Total employment in forestry and logging in Australia (thousands of people) since 1984

Australia has many forests of importance due to significant features, despite being one of the driest continents. As of 2009, Australia has approximately 147 million hectares of native forest, which represents about 19% of Australia's land area.

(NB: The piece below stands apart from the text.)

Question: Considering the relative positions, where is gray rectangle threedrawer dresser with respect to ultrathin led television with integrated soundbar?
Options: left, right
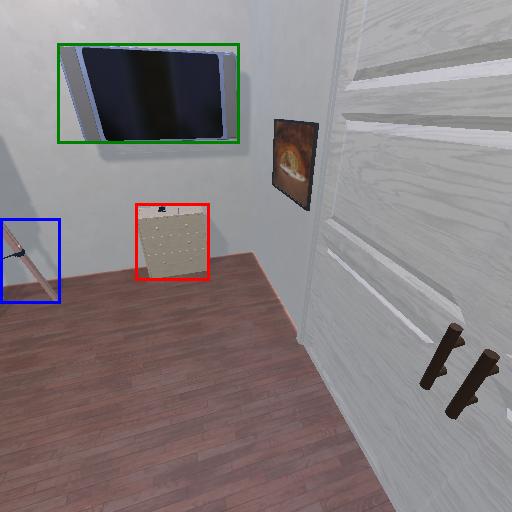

The majority of Australia's trees are hardwoods, typically eucalypts, rather than softwoods like pine. While softwoods dominate some native forests, their total area is judged insufficient to constitute a major forest type in Australia's National Forest Inventory. The Forests Australia website provides up-to-date information on Australia's forests. Detailed information on Australia's forests is available from Australia's State of the Forests reports that are published every five years.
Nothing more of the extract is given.